Growing Pain are often described as an ache or throb in the legs — often in the front of the thighs, the calves or behind the knees. Growing pains tend to affect both legs and occur at night, and may even wake a child from sleep.
It’s the most common type of pain in children. It may occur every day, but usually only happen intermittently. Growing pains usually occur in children between ages 2 and 12, often starting between 3 and 5 years of age.
Causes of Growing Pains
Despite the name “growing pains,” there is no firm evidence that growing pains are linked to growth spurts.

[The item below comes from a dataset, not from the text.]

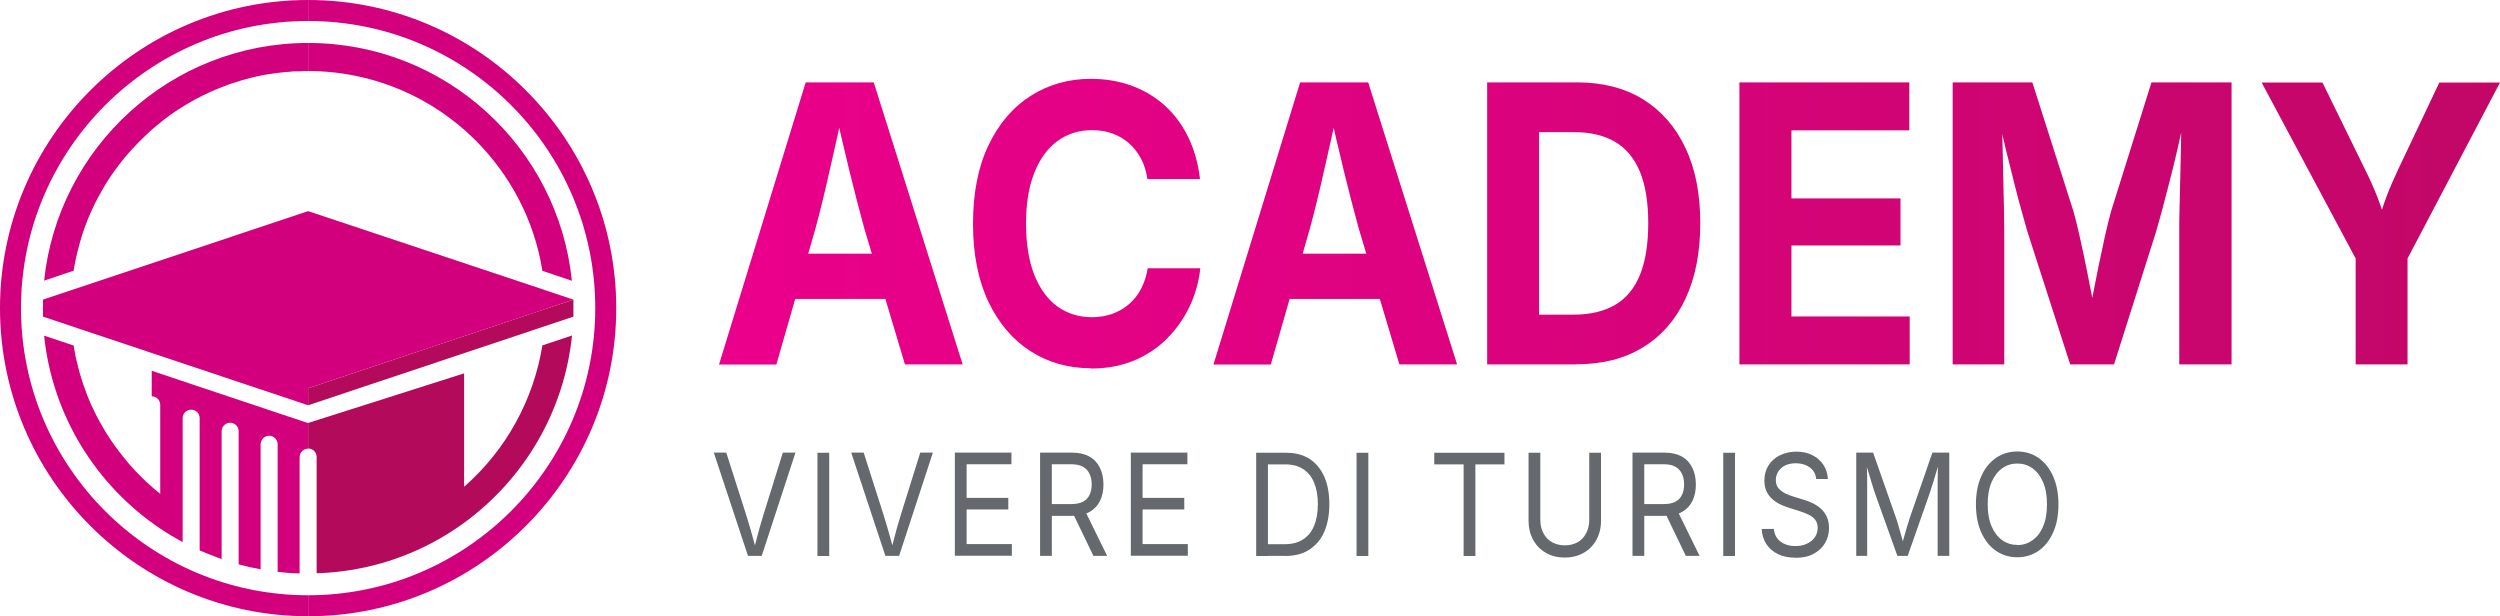 <svg xmlns="http://www.w3.org/2000/svg" xmlns:xlink="http://www.w3.org/1999/xlink" id="Layer_2" data-name="Layer 2" viewBox="0 0 176.31 43.47"><defs><style>      .cls-1 {        fill: #b40a5c;      }      .cls-2 {        fill: #d2007d;      }      .cls-3 {        fill: #65696d;      }      .cls-4 {        fill: url(#linear-gradient);      }    </style><linearGradient id="linear-gradient" x1="1674.68" y1="-1292.73" x2="1675.68" y2="-1292.73" gradientTransform="translate(-279273.71 -215601.26) scale(166.79 -166.79)" gradientUnits="userSpaceOnUse"><stop offset="0" stop-color="#ec008c"></stop><stop offset=".34" stop-color="#dd027f"></stop><stop offset=".98" stop-color="#b6095d"></stop><stop offset="1" stop-color="#b50a5c"></stop></linearGradient></defs><g id="Layer_1-2" data-name="Layer 1"><g><g><path class="cls-2" d="M40.33,19.8l-2.08-.7c-.56-3.56-2.26-6.74-4.7-9.19-3.03-3.03-7.21-4.9-11.82-4.9v-1.98c9.68,0,17.63,7.35,18.6,16.76"></path><path class="cls-1" d="M40.34,23.67c-.56,5.42-3.43,10.15-7.61,13.2-2.93,2.14-6.52,3.44-10.4,3.56v-8.2c0-.33-.26-.6-.6-.6v-1.8l11-3.5v8c2.95-2.58,4.9-6.13,5.52-9.97l2.09-.7Z"></path><path class="cls-2" d="M15.64,39.42c-.52-.18-1.04-.38-1.55-.61l1.55.61Z"></path><path class="cls-2" d="M21.73,3.03v1.98c-.23,0-.46,0-.69.02-.08,0-.15,0-.23,0-.12,0-.24.01-.37.03-.1,0-.2.01-.3.02-.12.01-.24.02-.36.04-.12.01-.24.03-.36.04-.22.03-.44.06-.66.1-.22.04-.44.08-.65.13-.31.07-.61.14-.91.23-.1.03-.2.05-.3.09-.18.05-.37.11-.55.17-.17.06-.35.12-.52.19-.72.27-1.41.59-2.09.95-.18.1-.37.21-.55.32-.05.03-.1.06-.15.09-.16.1-.32.2-.48.3-.16.1-.31.21-.47.32-.02.01-.05.03-.06.04-.21.15-.41.3-.61.46,0,0-.02.01-.03.03-.21.16-.42.34-.62.51-.16.14-.32.28-.47.43-.19.18-.37.36-.55.54-.14.14-.28.29-.42.44-.17.19-.35.39-.51.58-.3.37-.59.74-.86,1.13-.15.21-.29.43-.43.65-.14.22-.28.45-.4.68-.11.19-.21.39-.32.58-.12.24-.24.48-.35.73-.07.16-.14.32-.21.48-.06.13-.11.26-.15.39-.06.13-.1.26-.15.39-.1.28-.2.57-.28.87-.03.11-.06.22-.09.33-.16.58-.29,1.18-.39,1.78l-2.08.7C4.1,10.38,12.06,3.03,21.73,3.03"></path><path class="cls-2" d="M21.73,29.84v1.8c-.33,0-.6.27-.6.6v8.2c-.52-.01-1.04-.05-1.55-.11v-9c0-.33-.27-.6-.6-.6s-.6.27-.6.6v8.82c-.52-.09-1.04-.21-1.55-.35v-9.39c0-.33-.27-.6-.6-.6s-.6.27-.6.6v9.02l-1.55-.61v-9.33c0-.34-.27-.6-.6-.6s-.6.26-.6.6v8.74c-.53-.29-1.06-.6-1.56-.94-4.5-3.02-7.62-7.94-8.21-13.62l2.09.7c0,.07.02.14.03.21.03.18.06.37.1.55.06.25.11.5.18.76.06.24.12.48.2.71.03.09.05.17.08.26.06.17.11.35.18.52.03.1.07.2.11.3.06.17.12.33.19.49.08.21.18.42.28.62.11.23.22.47.34.69.09.17.18.34.28.51.21.38.45.75.69,1.11.11.16.22.32.34.48,0,.01,0,.02.02.02.11.16.23.32.36.47.07.09.14.19.22.28.07.09.15.19.23.28.03.04.06.07.09.11.3.35.62.68.95,1,0,0,0,0,0,0,.15.15.3.29.46.43.01.02.03.03.05.04.07.07.15.13.22.2.16.14.33.28.5.42v-6.28c0-.33-.26-.6-.6-.6v-1.8l11,3.68Z"></path></g><polygon class="cls-1" points="40.44 22.33 21.73 28.58 21.73 27.38 40.44 21.13 40.44 22.33"></polygon><polygon class="cls-2" points="40.44 21.13 38.65 21.73 21.73 27.38 21.73 28.58 3.03 22.33 3.03 21.13 21.73 14.89 40.44 21.13"></polygon><g><path class="cls-2" d="M21.73,41.98c11.16,0,20.25-9.08,20.25-20.25S32.9,1.48,21.73,1.48h0V0h0c11.98,0,21.73,9.75,21.73,21.73s-9.75,21.73-21.73,21.73h0v-1.48h0Z"></path><path class="cls-2" d="M21.73,0v1.48c-11.16,0-20.25,9.08-20.25,20.25s9.08,20.25,20.25,20.25v1.48c-11.98,0-21.73-9.75-21.73-21.73S9.75,0,21.73,0"></path></g><path class="cls-4" d="M50.71,25.7l6.11-19.89h4.8l6.27,19.89h-4.07l-2.87-9.6c-.34-1.24-.69-2.59-1.05-4.06-.36-1.47-.73-3.08-1.12-4.82h.8c-.38,1.75-.74,3.37-1.08,4.85-.33,1.48-.66,2.83-.99,4.04l-2.76,9.6h-4.05ZM54.52,21.08v-3.19h9.55v3.19h-9.55ZM76.94,25.97c-1.59,0-3.01-.4-4.26-1.2-1.25-.8-2.24-1.96-2.97-3.48-.72-1.52-1.09-3.36-1.09-5.51s.36-4.01,1.09-5.53c.73-1.53,1.72-2.69,2.98-3.49,1.26-.8,2.67-1.2,4.24-1.2,1.02,0,1.96.16,2.84.47.88.32,1.66.78,2.34,1.38.68.61,1.24,1.35,1.67,2.22.43.88.72,1.88.85,3h-3.71c-.08-.55-.23-1.04-.46-1.46-.23-.42-.51-.78-.85-1.08-.34-.3-.73-.52-1.17-.68-.44-.16-.92-.23-1.43-.23-.93,0-1.74.26-2.44.77-.7.52-1.25,1.27-1.63,2.25-.39.98-.58,2.18-.58,3.58s.2,2.64.59,3.62c.39.98.94,1.72,1.63,2.22.7.5,1.51.75,2.43.75.51,0,.99-.08,1.42-.23.44-.16.83-.38,1.18-.68.35-.3.64-.66.86-1.09s.39-.91.47-1.45h3.71c-.1.93-.34,1.81-.74,2.66-.4.85-.92,1.6-1.58,2.27-.66.67-1.44,1.19-2.34,1.57-.91.38-1.92.57-3.05.57ZM85.58,25.7l6.11-19.89h4.8l6.27,19.89h-4.07l-2.87-9.6c-.34-1.24-.69-2.59-1.05-4.06-.36-1.47-.73-3.08-1.12-4.82h.8c-.38,1.75-.74,3.37-1.08,4.85-.33,1.48-.66,2.83-.99,4.04l-2.76,9.6h-4.05ZM89.4,21.08v-3.19h9.55v3.19h-9.55ZM108.54,5.81v19.89h-3.66V5.81h3.66ZM111.17,25.7h-4.64v-3.51h4.46c1.15,0,2.12-.23,2.9-.68.78-.45,1.37-1.16,1.76-2.11.39-.95.59-2.17.59-3.66s-.2-2.69-.59-3.64c-.4-.95-.98-1.65-1.75-2.1-.77-.45-1.73-.68-2.88-.68h-4.56v-3.51h4.78c1.79,0,3.34.4,4.63,1.19,1.29.8,2.29,1.94,2.99,3.42.7,1.48,1.05,3.25,1.05,5.32s-.35,3.85-1.05,5.34c-.7,1.49-1.7,2.63-3,3.42-1.3.8-2.86,1.19-4.68,1.19ZM122.67,25.7V5.81h11.98v3.38h-8.31v4.8h7.69v3.32h-7.69v5.01h8.34v3.38h-12ZM137.71,25.7V5.81h5.62l2.91,9.13c.12.43.26.98.41,1.66.16.68.31,1.41.47,2.19.16.78.31,1.54.45,2.28.14.74.25,1.38.34,1.92h-.71c.09-.53.2-1.17.34-1.9.14-.73.29-1.49.45-2.28.16-.78.32-1.52.47-2.2.16-.69.29-1.24.41-1.67l2.86-9.13h5.65v19.89h-3.69v-9.37c0-.44,0-.98.02-1.63.01-.65.03-1.35.05-2.1.02-.75.04-1.51.05-2.27.02-.76.03-1.48.04-2.16h.23c-.15.74-.32,1.5-.5,2.29-.18.79-.37,1.55-.56,2.29-.19.74-.37,1.42-.53,2.04-.17.62-.31,1.13-.43,1.54l-2.97,9.37h-3.09l-3.02-9.37c-.12-.41-.26-.92-.43-1.53-.17-.61-.35-1.28-.53-2.02-.19-.74-.38-1.5-.57-2.29-.19-.79-.37-1.56-.54-2.32h.28c0,.64.02,1.34.04,2.1.02.76.03,1.51.05,2.28.02.76.04,1.47.05,2.12.01.65.02,1.21.02,1.66v9.37h-3.64ZM166.13,25.7v-7.47l-6.63-12.41h4.29l3.03,6.19c.31.62.59,1.24.83,1.86.24.61.49,1.35.74,2.2h-.8c.25-.86.49-1.6.72-2.22.23-.61.5-1.23.79-1.84l2.93-6.19h4.28l-6.52,12.41v7.47h-3.65Z"></path><g><path class="cls-3" d="M52.75,39.2l-2.41-7.28h.88l1.38,4.32c.08.25.18.58.3.99.12.41.26.92.42,1.53h-.16c.16-.62.3-1.13.41-1.54.12-.4.21-.73.29-.98l1.35-4.32h.89l-2.38,7.28h-.96Z"></path><path class="cls-3" d="M58.48,31.93v7.28h-.83v-7.28h.83Z"></path><path class="cls-3" d="M62.44,39.2l-2.41-7.28h.88l1.38,4.32c.08.25.18.58.3.99.12.41.26.92.42,1.53h-.16c.16-.62.3-1.13.41-1.54.12-.4.21-.73.29-.98l1.35-4.32h.89l-2.38,7.28h-.96Z"></path><path class="cls-3" d="M67.34,39.2v-7.28h3.99v.82h-3.16v2.37h2.94v.82h-2.94v2.44h3.19v.82h-4.03Z"></path><path class="cls-3" d="M73.35,39.2v-7.28h2.24c.51,0,.93.1,1.26.29.33.19.57.46.73.8.16.34.24.72.24,1.16s-.08.82-.24,1.15c-.16.33-.4.59-.73.78-.33.19-.75.28-1.26.28h-1.78v-.83h1.74c.35,0,.62-.06.83-.17.21-.11.36-.27.46-.48.1-.21.15-.45.15-.73s-.05-.54-.15-.75c-.1-.21-.25-.38-.46-.5-.21-.12-.49-.18-.84-.18h-1.36v6.46h-.83ZM77.11,39.2l-1.58-3.28h.94l1.61,3.28h-.97Z"></path><path class="cls-3" d="M79.75,39.2v-7.28h3.99v.82h-3.16v2.37h2.94v.82h-2.94v2.44h3.19v.82h-4.03Z"></path><path class="cls-3" d="M89.42,31.93v7.28h-.83v-7.28h.83ZM90.63,39.2h-1.58v-.82h1.53c.53,0,.97-.11,1.32-.34.35-.23.61-.55.78-.97s.26-.93.26-1.52-.09-1.08-.26-1.5c-.17-.42-.43-.74-.76-.96-.34-.22-.76-.34-1.27-.34h-1.64v-.82h1.7c.64,0,1.18.14,1.64.43.45.29.8.71,1.04,1.25.24.54.36,1.19.36,1.94s-.12,1.41-.36,1.96c-.24.55-.6.96-1.06,1.26s-1.03.44-1.7.44Z"></path><path class="cls-3" d="M96.5,31.93v7.28h-.83v-7.28h.83Z"></path><path class="cls-3" d="M101.15,32.75v-.82h4.95v.82h-2.05v6.46h-.83v-6.46h-2.06Z"></path><path class="cls-3" d="M110.36,39.32c-.52,0-.97-.11-1.35-.34-.39-.22-.68-.53-.89-.92s-.32-.83-.32-1.33v-4.8h.83v4.73c0,.35.07.66.21.93.14.27.34.49.6.64s.57.23.92.23.66-.08.92-.23.45-.37.59-.64c.14-.27.21-.58.21-.93v-4.73h.83v4.8c0,.5-.11.94-.32,1.33s-.51.7-.89.92c-.38.22-.83.34-1.35.34Z"></path><path class="cls-3" d="M115.13,39.2v-7.28h2.24c.51,0,.93.1,1.26.29.33.19.57.46.73.8.16.34.24.72.24,1.16s-.08.82-.24,1.15c-.16.33-.4.59-.73.78-.33.19-.75.28-1.26.28h-1.78v-.83h1.74c.35,0,.62-.06.83-.17.21-.11.36-.27.46-.48.1-.21.15-.45.15-.73s-.05-.54-.15-.75c-.1-.21-.25-.38-.46-.5-.21-.12-.49-.18-.84-.18h-1.36v6.46h-.83ZM118.89,39.2l-1.58-3.28h.94l1.61,3.28h-.97Z"></path><path class="cls-3" d="M122.36,31.93v7.28h-.83v-7.28h.83Z"></path><path class="cls-3" d="M126.62,39.33c-.47,0-.88-.08-1.23-.25-.35-.17-.62-.41-.82-.71-.2-.3-.31-.66-.33-1.07h.86c.02.27.11.5.25.68.14.18.33.31.55.4.22.09.46.13.72.13.3,0,.56-.05.8-.16s.42-.26.56-.45.21-.42.21-.68c0-.23-.06-.42-.18-.57-.12-.15-.28-.27-.47-.36s-.41-.18-.65-.25l-.79-.25c-.53-.17-.94-.4-1.23-.71s-.44-.71-.44-1.19c0-.41.1-.77.3-1.08.2-.31.47-.55.81-.71s.72-.25,1.14-.25.81.08,1.14.25.59.4.78.69c.19.29.29.62.31.99h-.82c-.04-.35-.19-.63-.46-.82-.27-.19-.59-.29-.98-.29-.28,0-.53.05-.74.15-.21.1-.38.24-.49.42-.12.18-.18.38-.18.61,0,.25.07.46.21.61.14.15.31.27.5.36.19.09.37.15.53.2l.65.2c.18.05.37.12.58.21s.42.21.61.36c.19.15.35.34.48.58.12.23.19.52.19.86,0,.4-.09.75-.28,1.07s-.46.57-.81.76-.78.28-1.29.28Z"></path><path class="cls-3" d="M130.91,39.2v-7.28h1.19l1.61,4.59c.04.11.08.24.13.4.05.16.1.34.15.53.05.19.11.38.16.56.05.19.09.36.13.52h-.18c.04-.15.09-.32.14-.5.05-.18.1-.37.16-.56.05-.19.11-.37.16-.53s.09-.3.13-.42l1.59-4.59h1.19v7.28h-.82v-4.16c0-.15,0-.32,0-.51,0-.19,0-.39,0-.61,0-.21,0-.43.01-.64,0-.22,0-.43.01-.63h.07c-.06.22-.13.45-.2.69-.07.23-.14.46-.2.67-.07.22-.13.42-.19.59s-.11.33-.15.44l-1.46,4.16h-.73l-1.49-4.16c-.04-.11-.09-.26-.15-.43-.06-.17-.12-.37-.18-.58-.07-.21-.13-.44-.2-.67-.07-.24-.14-.47-.22-.71h.08c0,.18.01.38.02.59,0,.21,0,.43.01.64,0,.22,0,.43,0,.62,0,.2,0,.38,0,.54v4.16h-.8Z"></path><path class="cls-3" d="M142.27,39.3c-.56,0-1.06-.15-1.5-.45-.44-.3-.78-.73-1.04-1.29-.25-.56-.38-1.22-.38-1.99s.13-1.44.38-1.99c.25-.56.6-.99,1.04-1.29.44-.3.94-.45,1.5-.45s1.06.15,1.49.45.78.73,1.03,1.29c.25.56.38,1.22.38,1.99s-.12,1.43-.38,1.99c-.25.56-.59.99-1.03,1.29-.44.3-.93.45-1.49.45ZM142.27,38.44c.39,0,.74-.11,1.06-.33.31-.22.57-.54.75-.97.19-.43.28-.95.28-1.57s-.09-1.15-.28-1.58c-.19-.43-.44-.75-.75-.97-.31-.22-.67-.33-1.06-.33s-.75.11-1.06.33-.57.55-.75.97c-.19.43-.28.95-.28,1.57s.09,1.14.28,1.57.44.75.75.97.67.33,1.06.33Z"></path></g></g></g></svg>

Instead, growing pains may simply be muscle aches due to intense childhood activities .These activities include running, jumping, and climbing. Growing pains seem to be more common after a kid has a particularly full day of sports.
How Does Growing Pain Feel?
Growing pains are different for everyone. Some kids have a lot of pain, others do not. Most kids do not have pain every day.
Growing pains can come and go. They may be experienced for months or even years. Most kids outgrow growing pains within a few years.
The pain is usually felt in the late afternoon and evening, right before dinner time, and at bedtime. The leg pains may hurt so much that they may wake your child from sleep. Growing pains disappear in the morning.
In general, growing pains are felt in both legs, especially in the front of the thighs, back of legs (calves), or behind the knees.
Some children also have headaches or abdominal aches in addition to growing pains.
The Other Causes having symptoms like Growing Pain…
- Vitamin D deficiency
- Hypermobility-Hypermobility is when joints move beyond the normal range of motion. When there’s muscle stiffness and joint pain in addition to hypermobility, it’s called joint hypermobility syndrome. Hypermobility symptoms often get worse at night and after exercise. They tend to get better with rest.
- Restless leg syndrome-Restless leg syndrome is a condition characterized by the uncontrollable urge to move the legs. Symptoms of restless leg syndrome usually happen at night, while sitting or lying down.
- Juvenile idiopathic arthritis-I includes joint pain and swelling, joints that are warm to the touch, fever, rash, fatigue, stiffness, swollen lymph nodes, weight loss.
- Fibromyalgia syndrome-widespread pain in the muscles and bones, areas of tenderness, and general fatigue.
When a Doctor is needed?
Most growing pains are not serious and will go away on their own. It’s important to remember that growing pains are almost always felt in both legs. Growing pains affect muscles, not joints. And they do not cause limping or fever. any of the following signs and symptoms, they should see a doctor
- pain happens often
- pain caused by an injury
- pain interferes with normal activity
- pain only on one side of their body
- pain in joints, especially with redness and swelling
- pain that lasts into morning
- loss of appetite
- unexplained weight loss
Management & Treatments:
The following things may ease discomfort and help your child feel better:
- Massaging the legs.
- Stretching the leg muscles. This may be difficult for younger kids.
- Placing a warm cloth or heating pad on the sore leg.
In Modern Medicine:
There’s no specific treatment for growing pains. If the pain does not get better, pain relieving medication such as ibuprofen is given in appropriate dose for child. But Aspirin is not given as it may cause life-threatening disease called Reye’s syndrome.
There is also no specific medicine.. Depending upon child’s symptoms totality doctor would select remedy to get rid of pain.. Here are few most commonly used medicines prescribed by doctors. But before giving any of the following to your child always consult with your doctor.
- CALC. PHOS
- BARYTA CARB
- MAG PHOS
- CUPRUM MET
Growing pains are usually harmless pains that children outgrow. Massaging, stretching, and heat compress usually ease your child’s pain. But some underlying conditions with similar symptoms may pose a serious problem. You should consult with doctor if the pain interferes with your child’s daily life or if they have any of other associated symptoms.